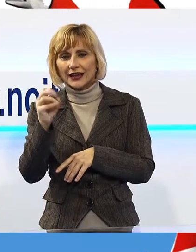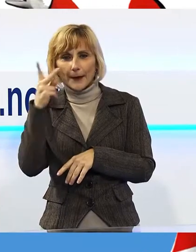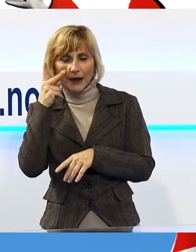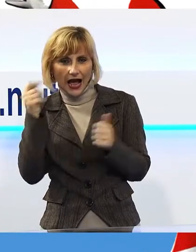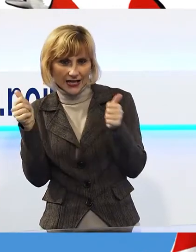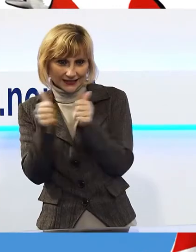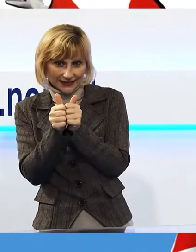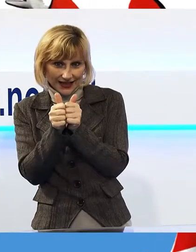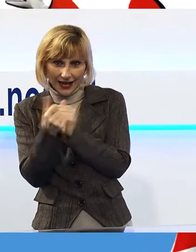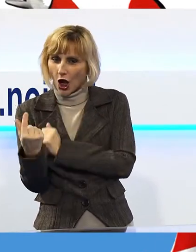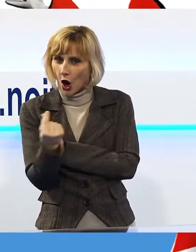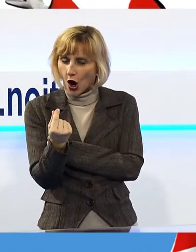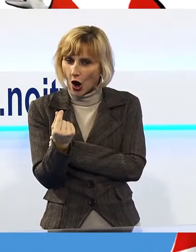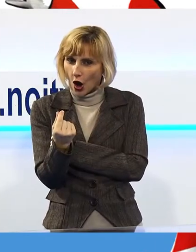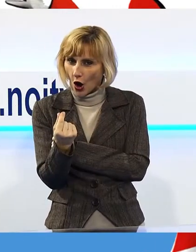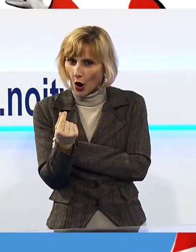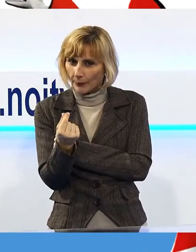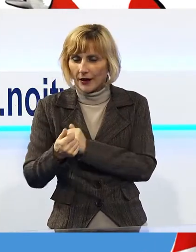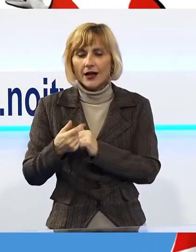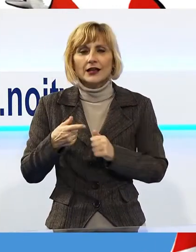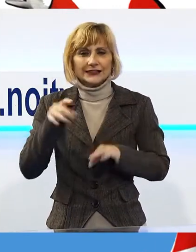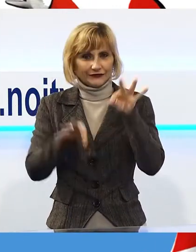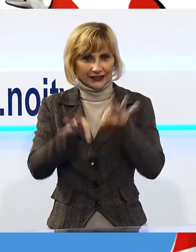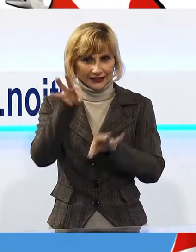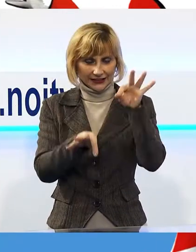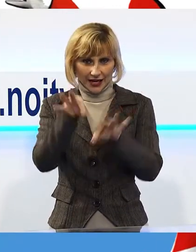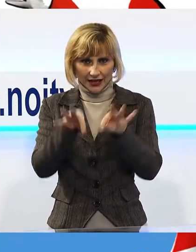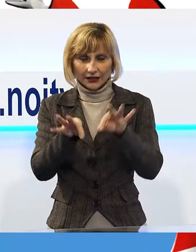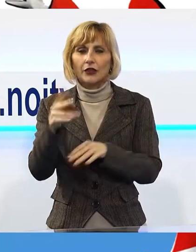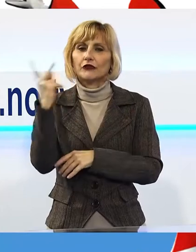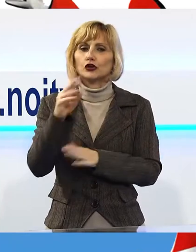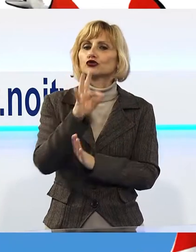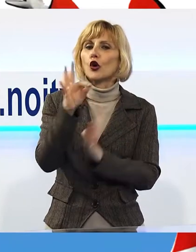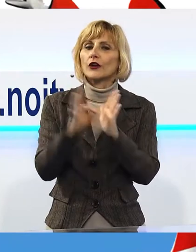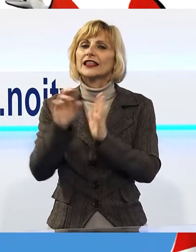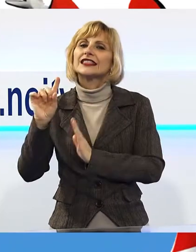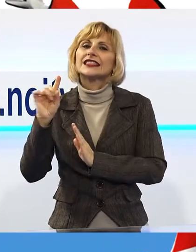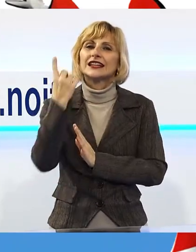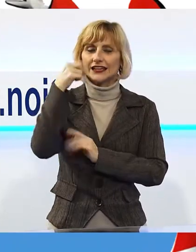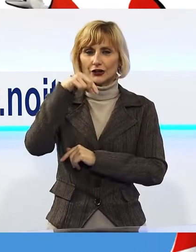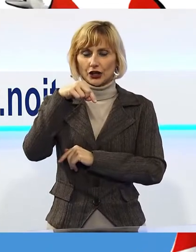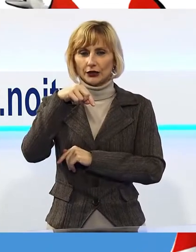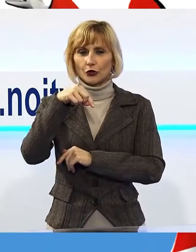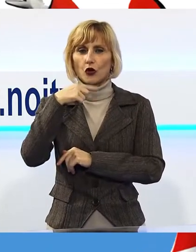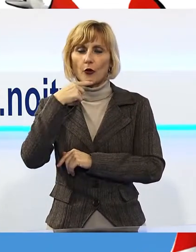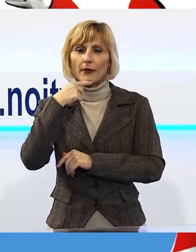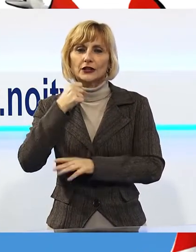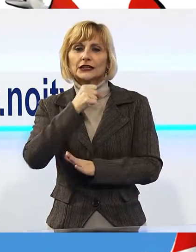allegoriche. Una giornata che di diritto entra, fa parte della storia della manifestazione.
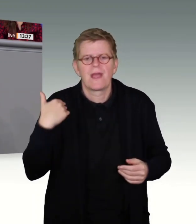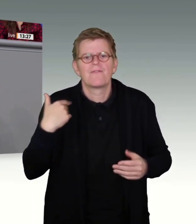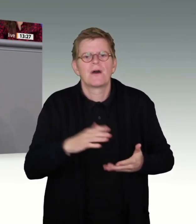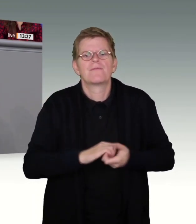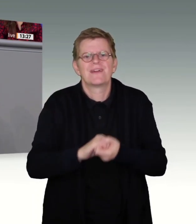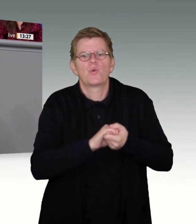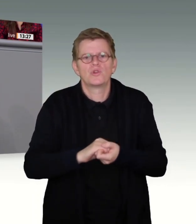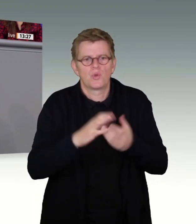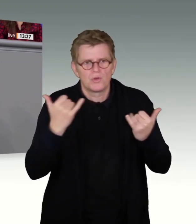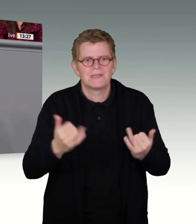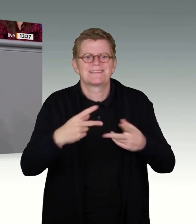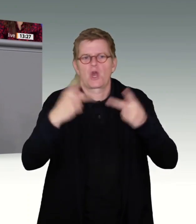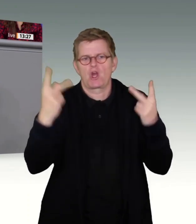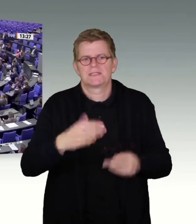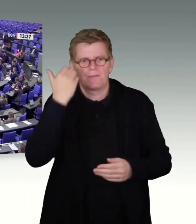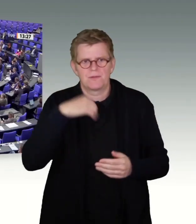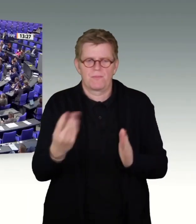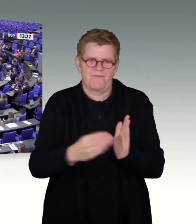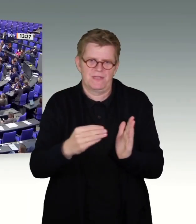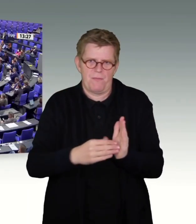konstruktiv an der Debatte beteiligen würde. Vielen Dank.
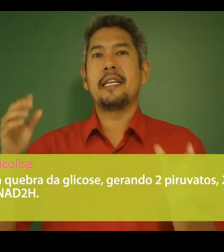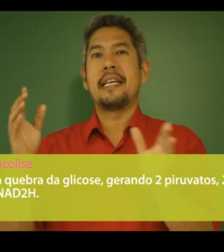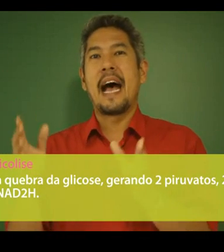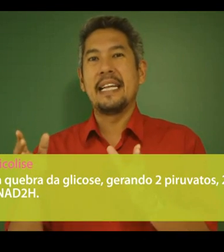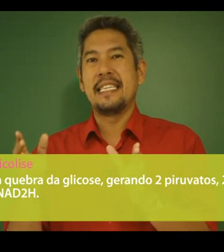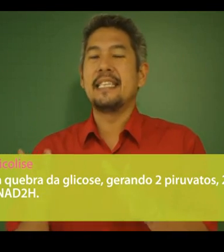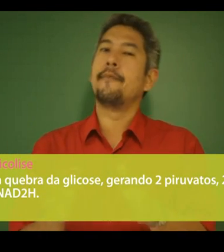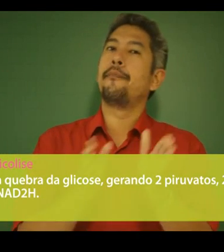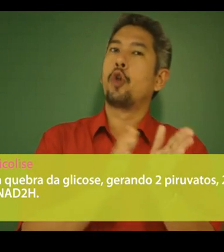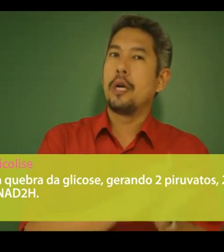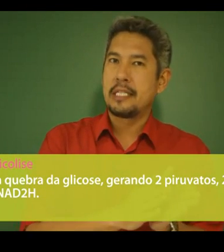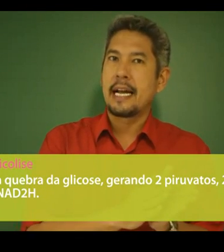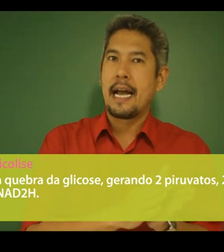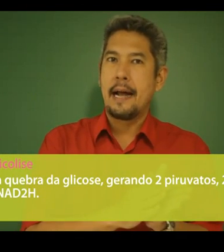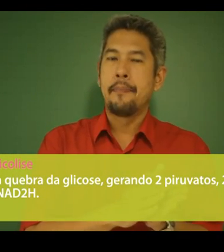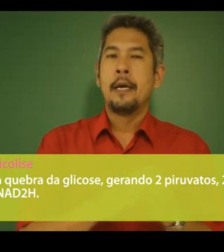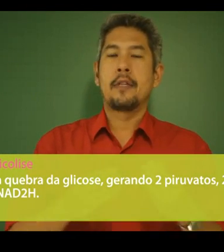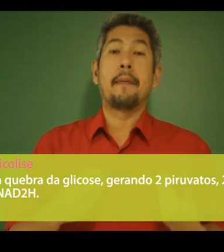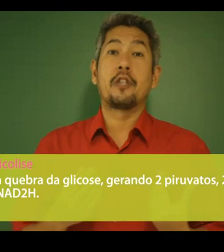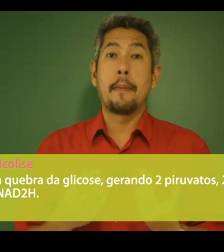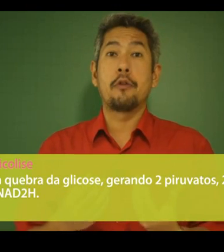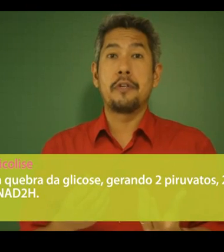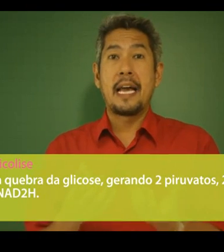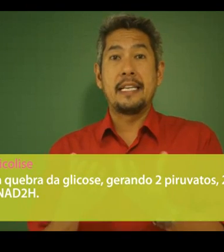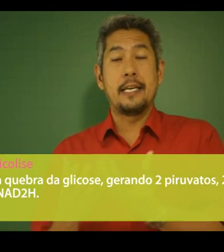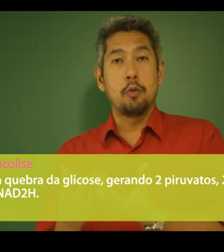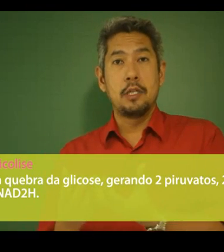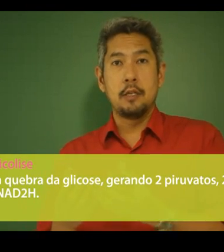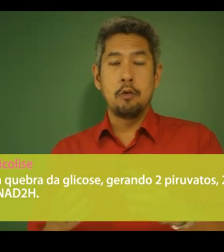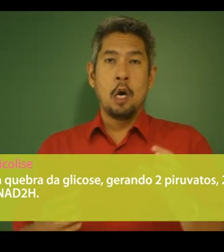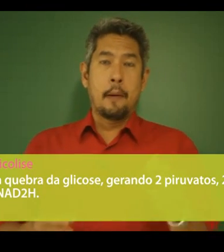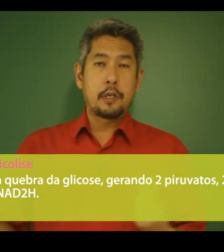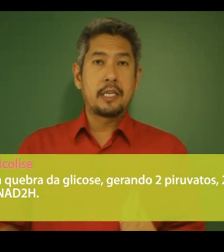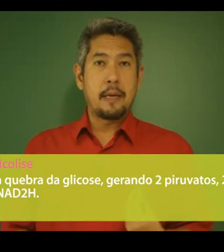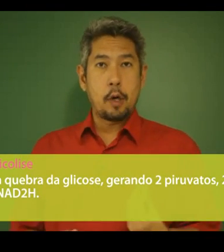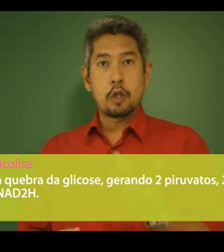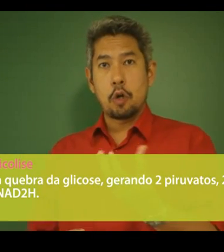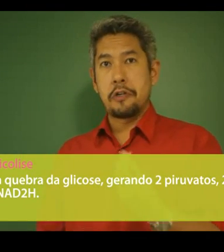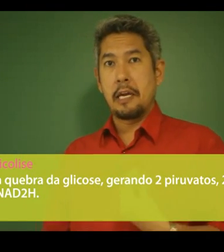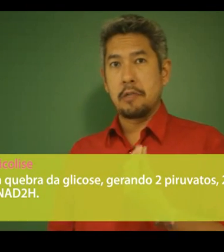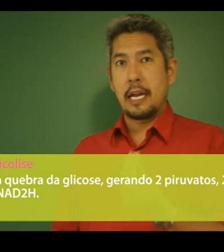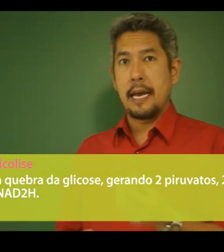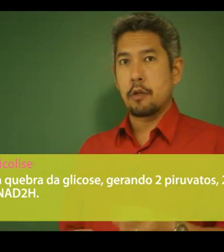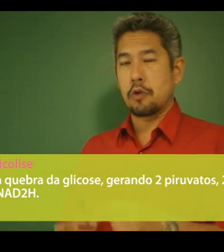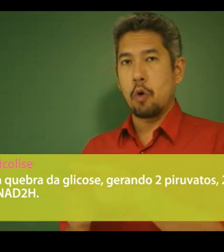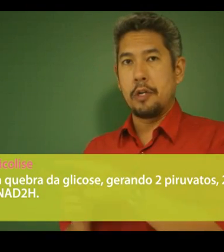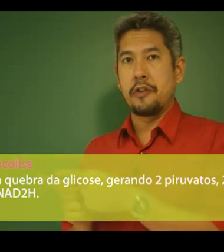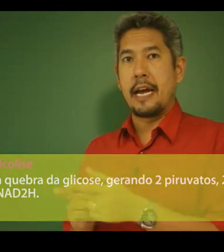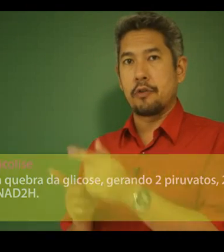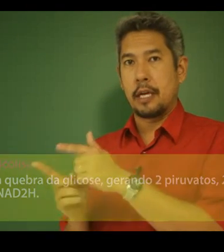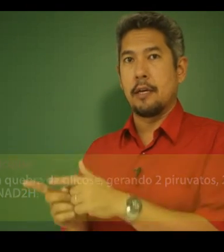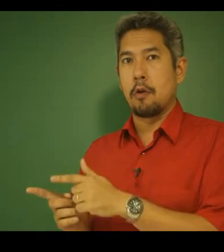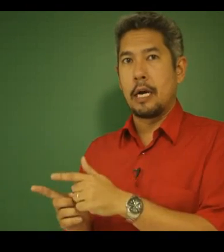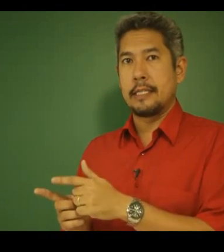NAD2H, também chamado de NAD reduzido, pois recebeu hidrogênios e elétrons originados da glicose.

__REQUIRED ACTION__: It would help to have the listing above repeated exactly, with all images removed.

__FINISHED TASK__:
allegoriche. Una giornata che di diritto entra, fa parte della storia della manifestazione.
konstruktiv an der Debatte beteiligen würde. Vielen Dank.
NAD2H, também chamado de NAD reduzido, pois recebeu hidrogênios e elétrons originados da glicose.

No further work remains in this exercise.